Consider the following Curious Fraction Tree: You are given a fraction, member of the tree created similar to the above sample.

Write a script to find out the parent and grandparent of the given member.

We’re given a tree, so I pulled out my old Node code to build the tree. I use the old-school OOP method because it’s portable.

Using Perl’s OOP, if the tree is correct, then each `node` will have a `parent` (which could be null), and each `parent` will have another `parent` (which could also be null), so we just have to check if `\$node->parent` and `\$node->parent->parent` are defined, and if so, get their `value`.

Kinda a softball for the first challenge of the year, I think.

I mean, thinking through to find a way to algorithmically create the graph, instead of building it by hand like I do, would be more interesting. The `right` of a given node is basically `1 + fraction`: 1/1, 2/1, 3/1, 4,1, etc. With nodes with a left, it becomes harder but just as simple: 1/2 -> 3/2, 2/3 -> 5/3, etc.

The lefts are more complex.
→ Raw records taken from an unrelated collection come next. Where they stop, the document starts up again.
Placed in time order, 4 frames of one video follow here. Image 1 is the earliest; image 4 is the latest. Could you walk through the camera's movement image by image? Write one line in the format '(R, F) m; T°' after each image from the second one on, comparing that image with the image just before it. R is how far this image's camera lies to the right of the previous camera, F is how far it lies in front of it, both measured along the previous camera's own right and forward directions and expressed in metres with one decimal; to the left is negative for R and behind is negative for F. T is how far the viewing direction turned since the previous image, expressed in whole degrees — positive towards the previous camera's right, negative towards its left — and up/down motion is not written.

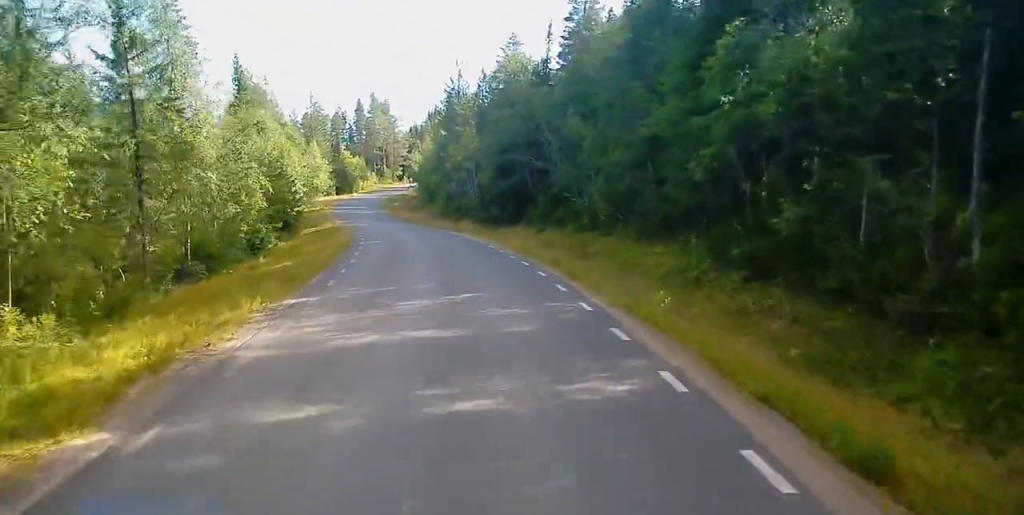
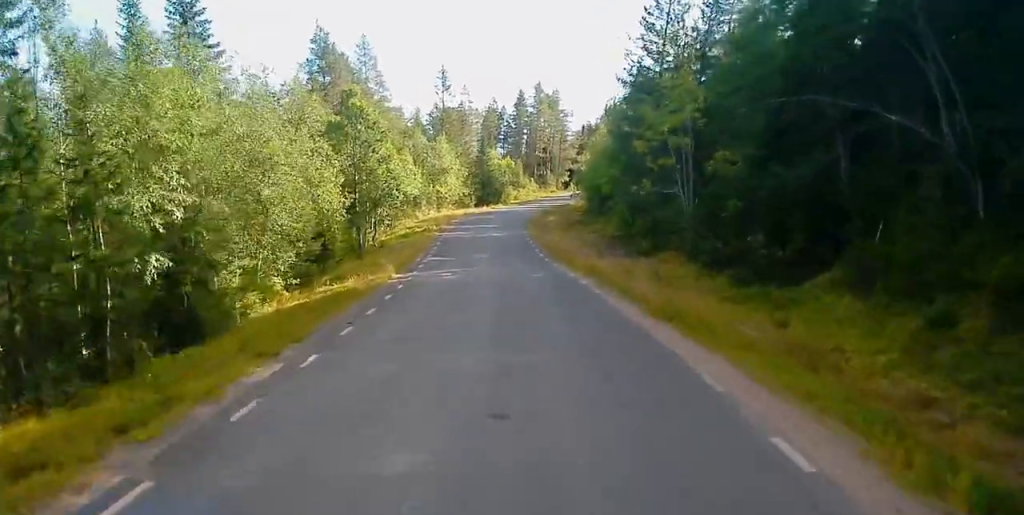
(-4.5, +34.9) m; -12°
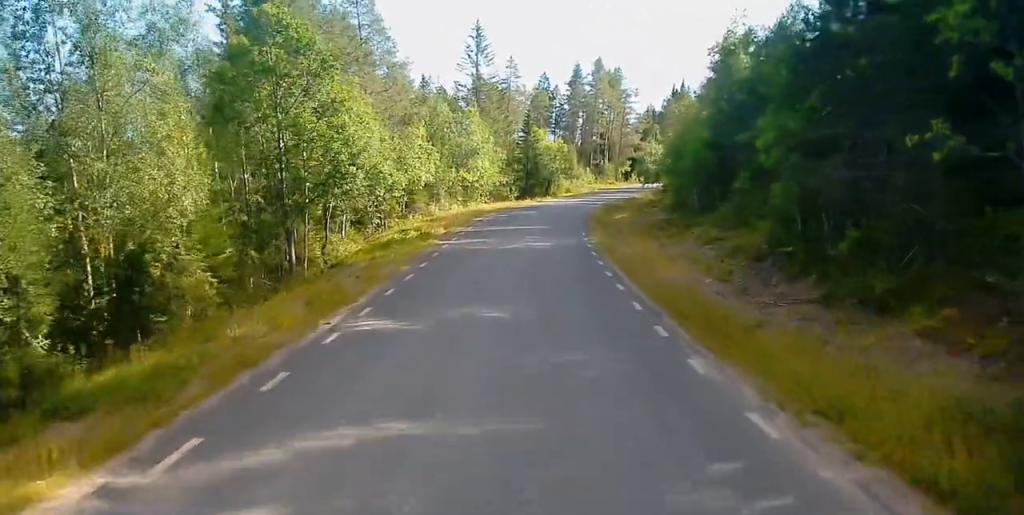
(+0.2, +23.0) m; +1°
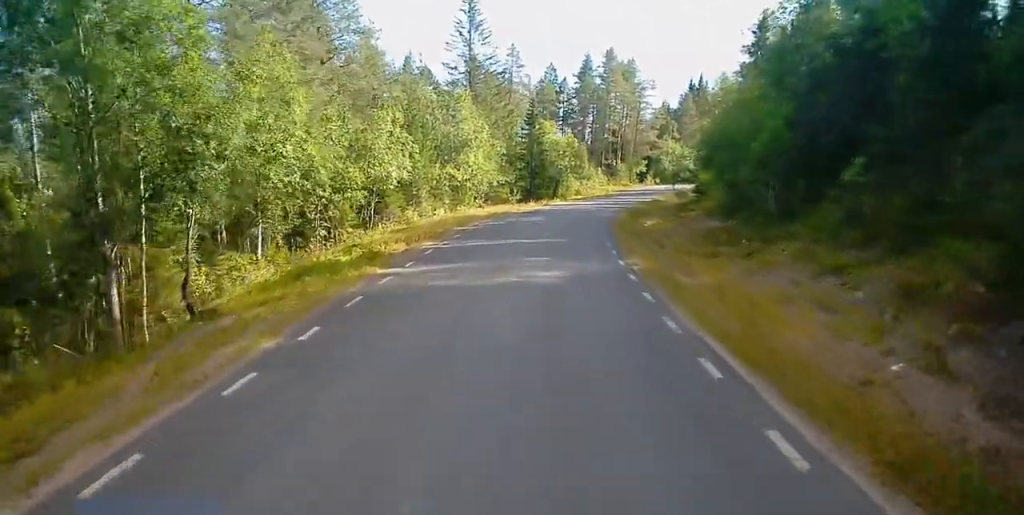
(0.0, +12.9) m; 0°

Starting with 1/1, we go to 1/2, 1/3, 1/4, and so on, but when there’s a right, like with 3/2, we go somewhere different, like 3/2. If it was just increment the denominator, you’d get 3/3, which simplifies to 1/1. One more and you get 3/4, but you get 3/4 from 3/1. Instead, it’s 3/5.

I’m sure that the left of 1/4 would be 1/5 and the right would be 5/4, but I’m not nearly as sure what the left and right of 4/3 would be.

#### Show Me The Code!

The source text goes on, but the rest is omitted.